Make no mistake this is no GT-2000 despite the similar appearance however it can be had for a significant sum less than the prior and unless you have a super high end system you probably wont all the sonic benefits the higher end table has to offer. The GT2000 was a statement product (with its super heavy base and platter) and is in a different league in construction compared to the 750. The 750 is more of a turntable for the mainstream, thats not to say its bad by any stretch but I figure I say this before I trigger any GT-2000 owners with the review. Despite common belief the GT750 is pretty much the same table as the GT-1000 however the GT-1000 was quickly discontinued and replaced with the 750.

First things first this is a solidly built table. Weighing well over 15kg its extremely resistant to external resonances and vibrations as a result and it has very good feet (that look lame) which decouple the player from whatever surface is on. The platter is very solid and heavy and with its well engineered mat it is extremely resistant to ringing. DO NOT RUN any sort of aftermarket cork mat as without its special mat its susceptible to ringing.

Tonearm is a YA-39, pretty much identical to the one thats featured with the GT2000 however with a slightly different finish. Says a lot about this unit if it features the same tonearm as Yamaha's flagship. This is a fantastic tonearm with very low friction bearings and good tolerances.

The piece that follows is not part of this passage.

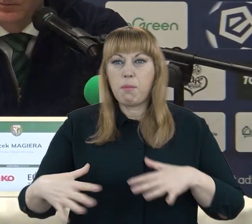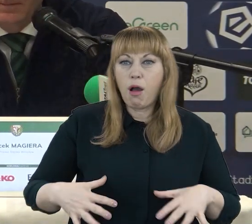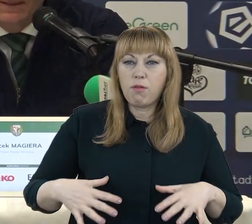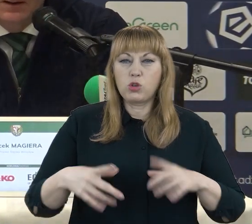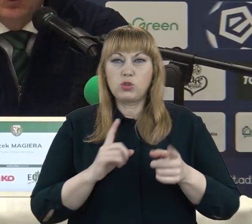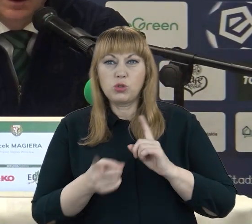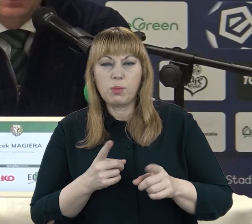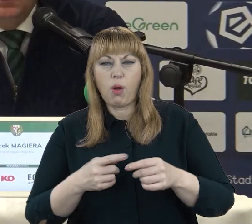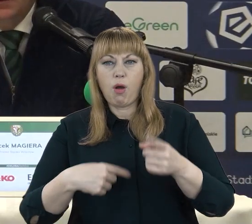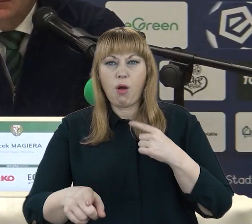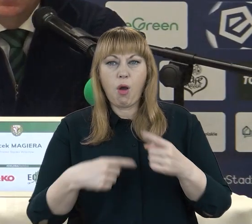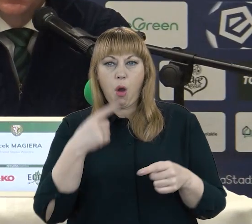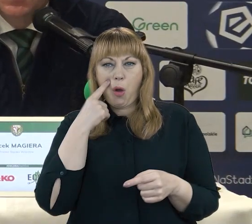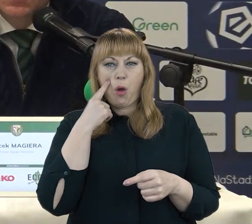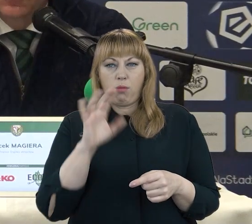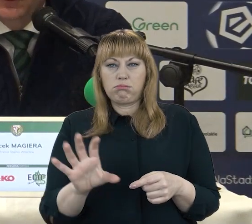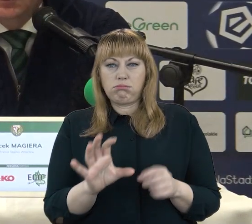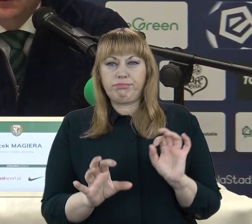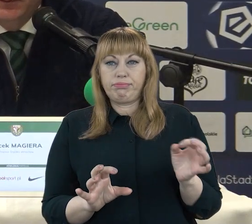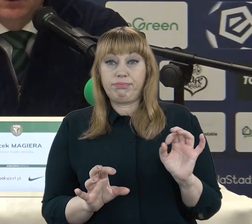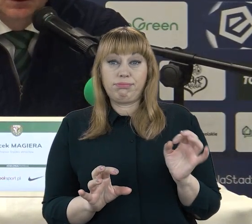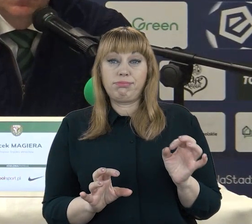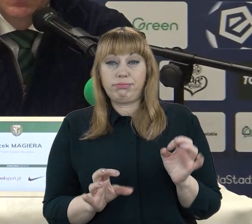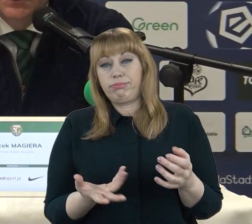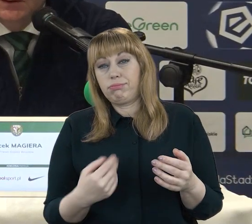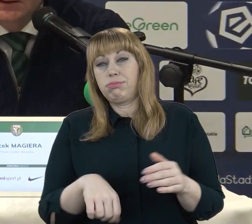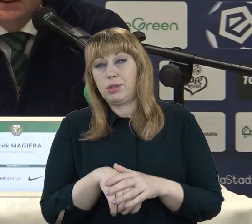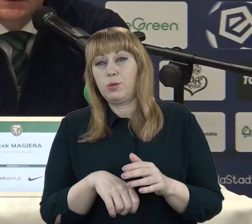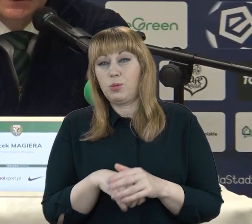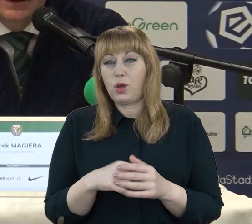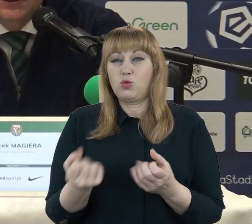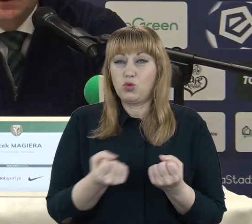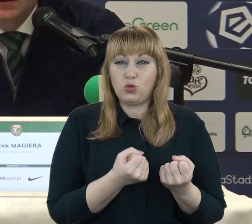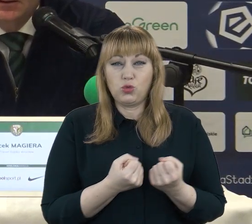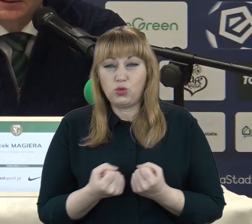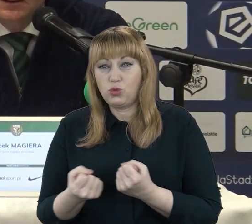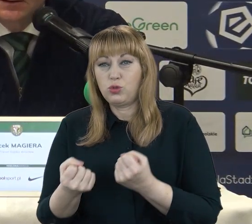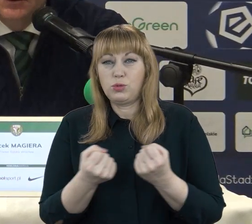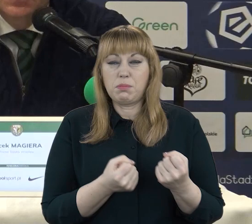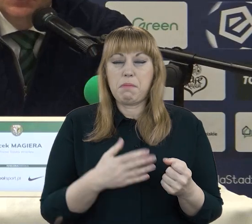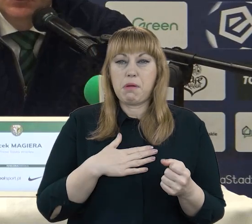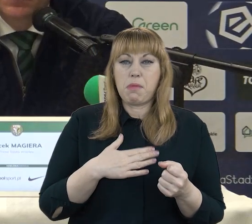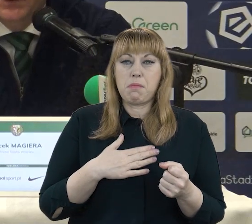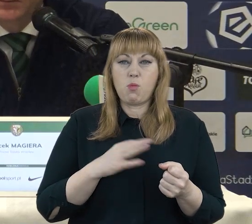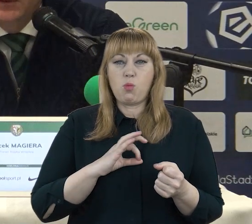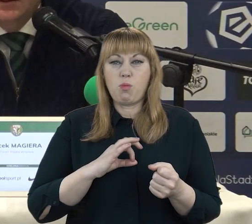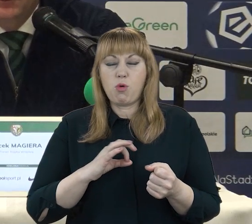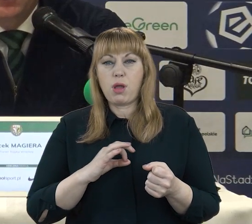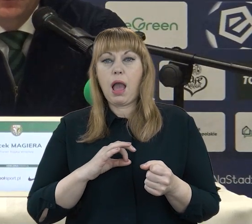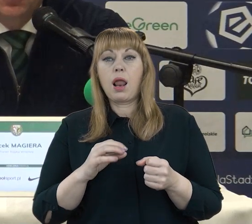Dla oka, okej, byliśmy dzisiaj w posiadaniu piłki, no bo byliśmy, ale zgraliśmy z jednej strony na drugą i więcej podań było

I'd put it up there with a lot of more modern contemporary tone arms when it comes to its bearings and lack of play (mines perfect after all these years) All the adjustment that you would ever need VTF VTA AZUMUTH and even a clever overhang adjustment built into the stock HS-11 headshell. One thing to note is that the arm is a bit on the heavier side (with a mass of 22grams) so moving coil cartridges such as the DL103 are a natural pairing with it. (I have run higher compliance cartridges with some success aswell just dont try running stuff like a Shure V15 on it because you are just asking for trouble).

Motor is silent has plenty of torque and has a quality bearing, one thing to mention is sometimes the platter can seize to the spindle if it hasn't been removed for a long time. Very important to ask the seller if this happens because its a total pain in the neck to remove. As for operation its very simple there arent any automated functions, some turntables may have an auto lifter fitted but this is extremely rare so fairly bare bones in that regard.

This is definitely one of the better turntables you can find in the $1000 price range. It is definately better then all the modern contemporary options at the price point. I will say though don't pay too much more for it than that because you might aswell go for a GT2000. Try to get one with the original headshell as they are hard to find and expensive on their own. In my system at least with the same cartridge it was very very close to the GT2000 that I borrowed from a local forum member with the latter having a bit more poise and control on difficult recordings (such as classical) probably attributed to the lower W&F. I'm not going to go into detail when it comes to the sound of this unit as that all depends on your system the cartridge you are running and the preamp. But its a solid reliable unit that does all that you could possibly want from a turntable whilst looking very sharp.

Honestly would give it a 10 if the GT2000 didn't exist.